This project was developed as part of the Intelligent Systems course for my Bioinformatics degree. It encompasses a complete study of the Wisconsin Breast Cancer Dataset using scikit-learn, with a focus on feature analysis, data preprocessing, and predictive modeling.
The analysis presented here involves a deep dive into the Wisconsin Breast Cancer Dataset, aiming to apply machine learning to assist in the prediction and understanding of breast cancer characteristics. Through the application of preprocessing techniques such as Principal Component Analysis (PCA) and data normalization, and the implementation of various machine learning models, we've laid out a comprehensive exploratory and predictive framework.
- Data Preprocessing: Application of PCA for dimensionality reduction and normalization for feature scaling.
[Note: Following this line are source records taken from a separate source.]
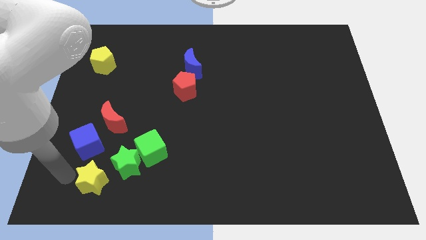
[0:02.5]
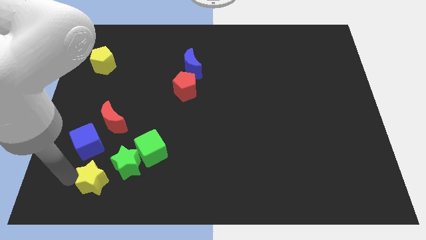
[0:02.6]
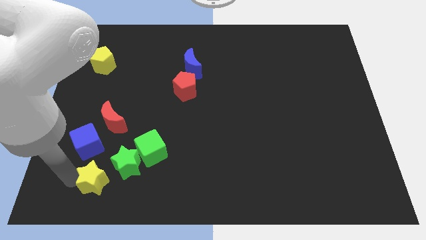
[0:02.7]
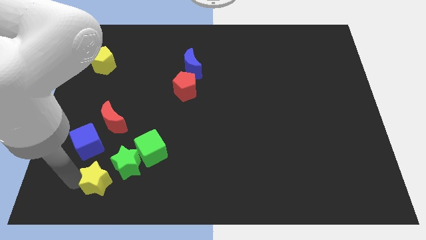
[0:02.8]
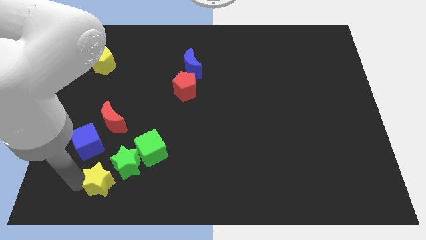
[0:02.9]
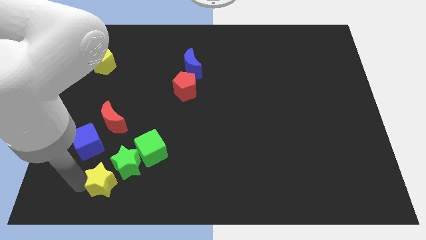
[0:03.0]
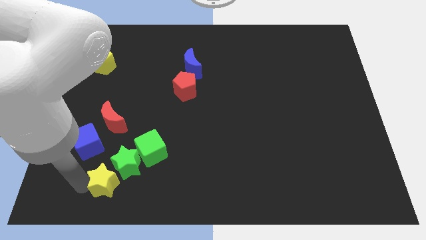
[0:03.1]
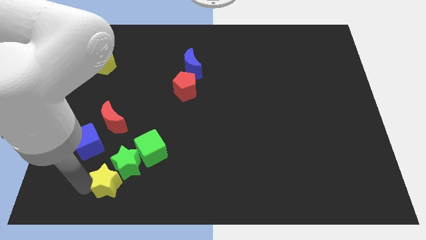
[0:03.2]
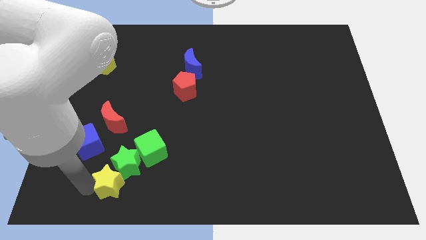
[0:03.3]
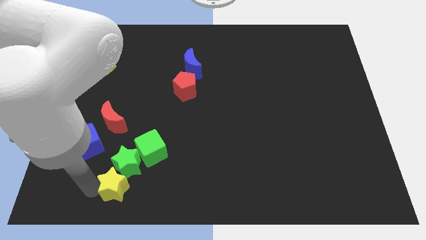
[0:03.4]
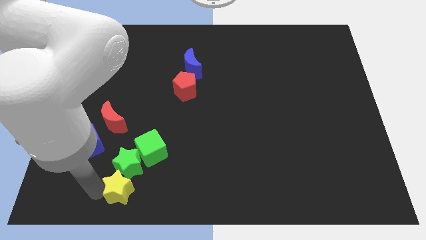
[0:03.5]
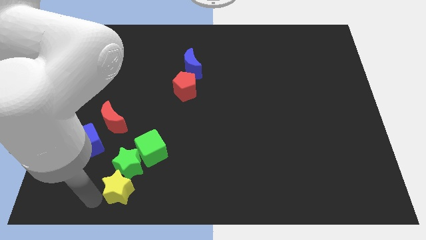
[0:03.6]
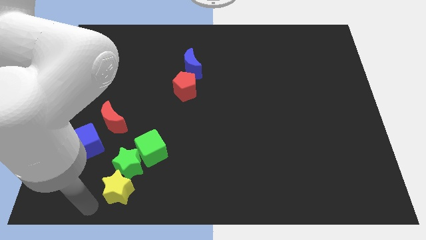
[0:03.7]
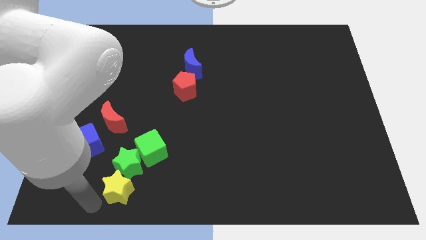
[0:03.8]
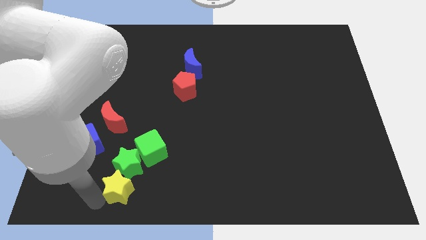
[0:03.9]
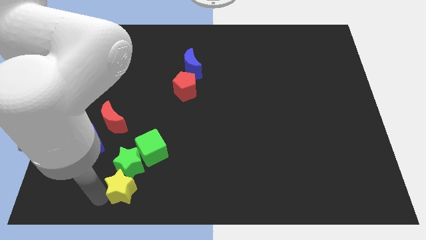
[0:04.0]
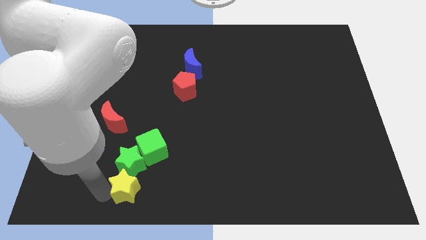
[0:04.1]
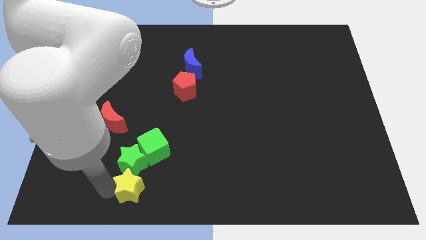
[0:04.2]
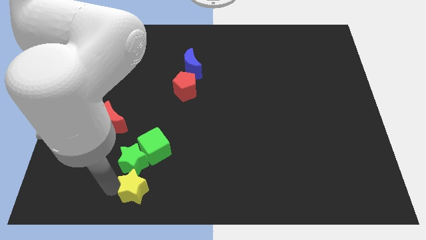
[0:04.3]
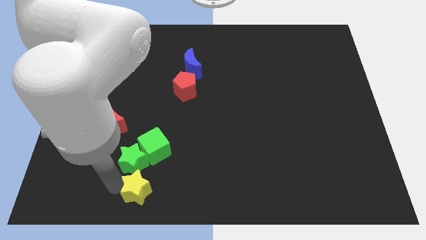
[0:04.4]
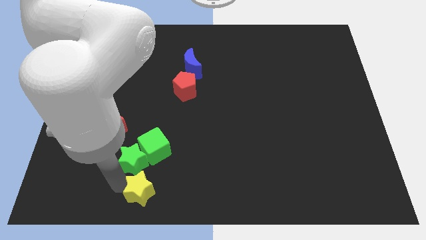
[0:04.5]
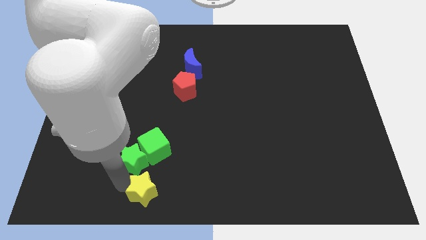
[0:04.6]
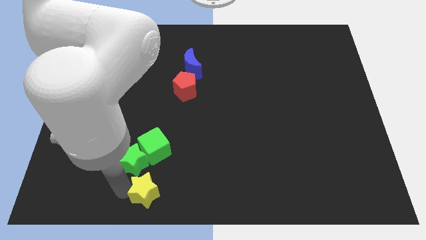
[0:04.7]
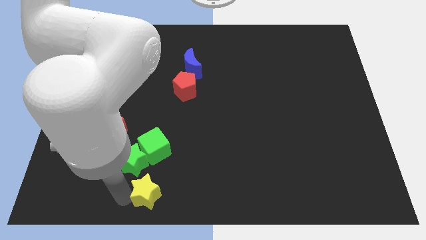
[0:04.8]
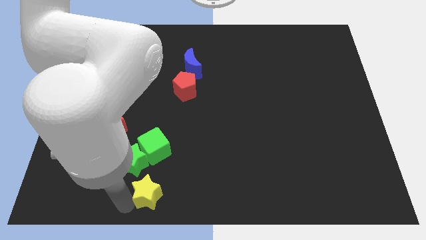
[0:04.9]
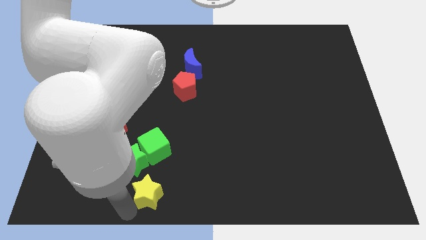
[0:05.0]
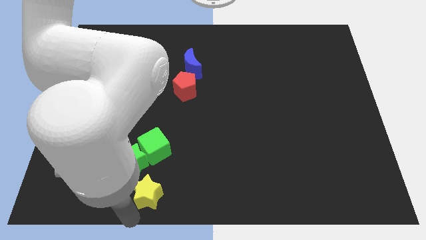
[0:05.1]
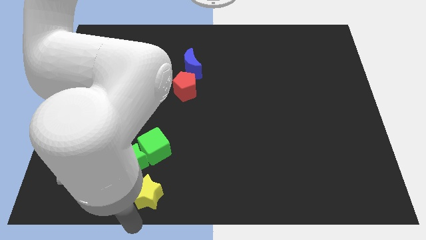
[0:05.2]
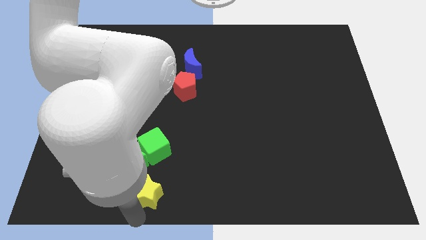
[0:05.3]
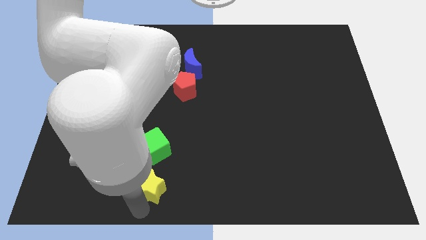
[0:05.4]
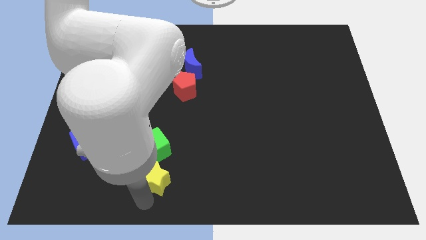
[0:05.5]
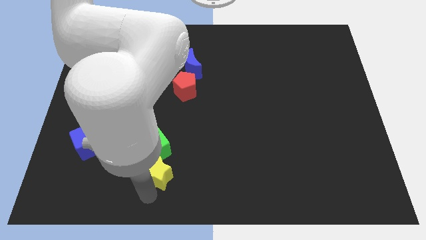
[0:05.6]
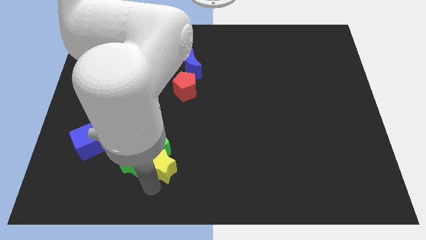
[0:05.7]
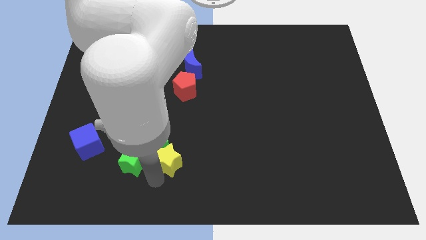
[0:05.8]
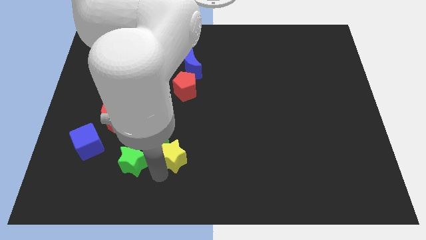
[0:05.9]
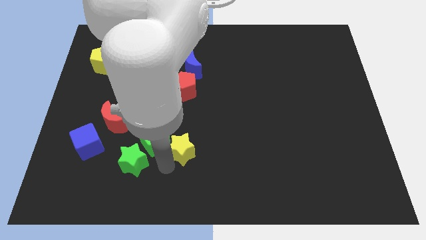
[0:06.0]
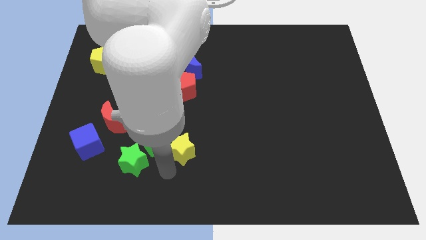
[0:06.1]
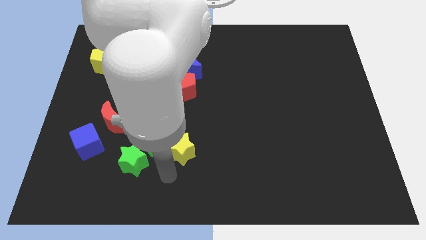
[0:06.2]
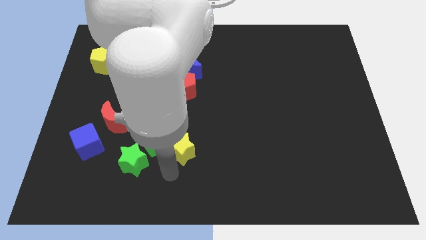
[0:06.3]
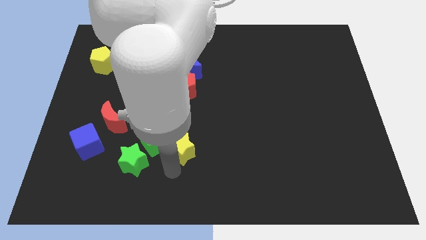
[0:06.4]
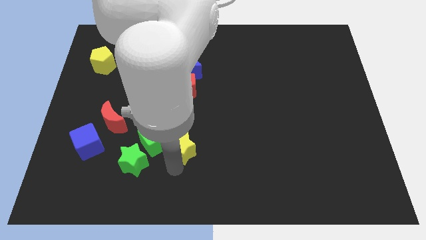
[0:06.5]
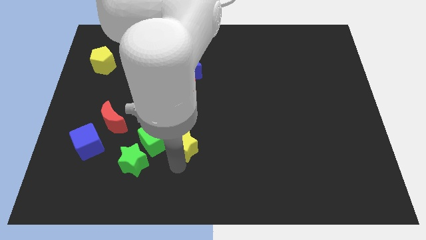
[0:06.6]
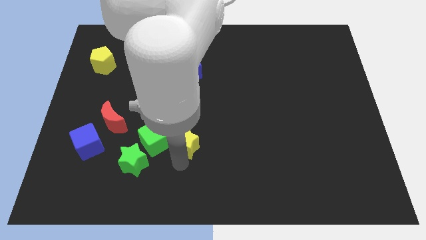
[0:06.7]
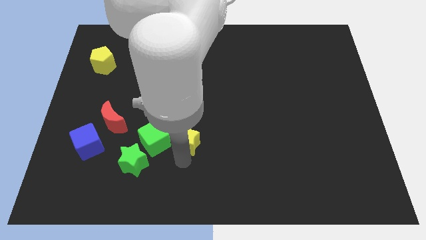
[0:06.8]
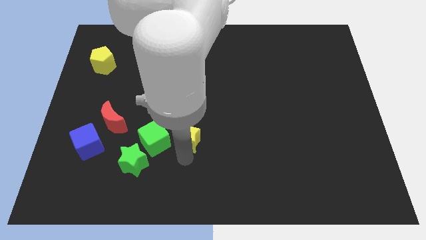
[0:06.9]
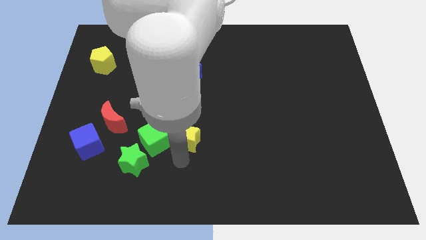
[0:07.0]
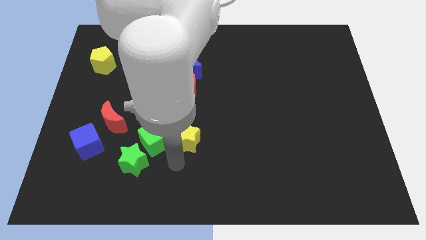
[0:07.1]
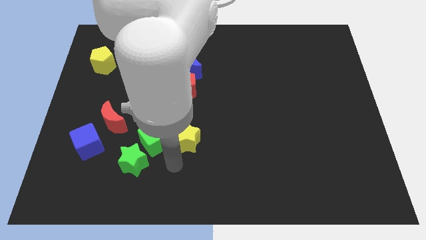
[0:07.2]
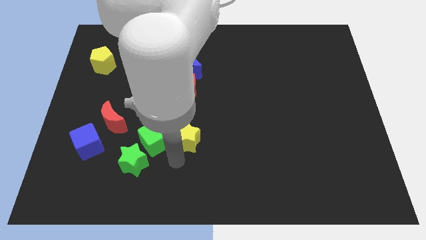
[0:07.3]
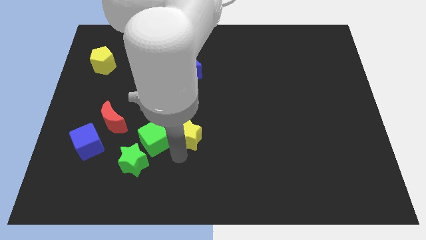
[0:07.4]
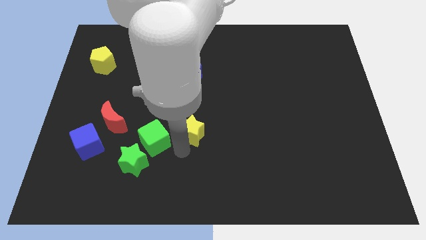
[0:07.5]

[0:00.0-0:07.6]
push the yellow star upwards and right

- Machine Learning Models: Training and evaluation of the following models:
- Naive Bayes
- Decision Trees
- K-Nearest Neighbors (KNN)
- Support Vector Machines (SVM)
- Multi-Layer Perceptrons (MLP)
Upon completion of the study, it was found that Support Vector Machines (SVM) and Multi-Layer Perceptrons (MLP) exhibited superior performance in the classification tasks. Visual results and performance metrics for these models are provided to demonstrate their predictive capabilities within this domain.
This repository serves as a record of the academic exercise undertaken to apply practical machine learning techniques to a real-world dataset, as part of curriculum requirements for my degree in Bioinformatics.